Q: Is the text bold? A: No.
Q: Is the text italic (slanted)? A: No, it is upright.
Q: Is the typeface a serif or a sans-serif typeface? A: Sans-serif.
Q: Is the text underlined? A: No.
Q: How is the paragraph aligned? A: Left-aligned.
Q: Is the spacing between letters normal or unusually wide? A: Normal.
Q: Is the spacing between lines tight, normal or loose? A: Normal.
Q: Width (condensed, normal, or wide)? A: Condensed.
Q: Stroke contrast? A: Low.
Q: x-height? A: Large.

§

- ABOUT THIS TASK -
The data above is to be returned exactly, with nothing altered.

- EXERCISE OUTPUT -
Q: Is the text bold? A: No.
Q: Is the text italic (slanted)? A: No, it is upright.
Q: Is the typeface a serif or a sans-serif typeface? A: Sans-serif.
Q: Is the text underlined? A: No.
Q: How is the paragraph aligned? A: Left-aligned.
Q: Is the spacing between letters normal or unusually wide? A: Normal.
Q: Is the spacing between lines tight, normal or loose? A: Normal.
Q: Width (condensed, normal, or wide)? A: Condensed.
Q: Stroke contrast? A: Low.
Q: x-height? A: Large.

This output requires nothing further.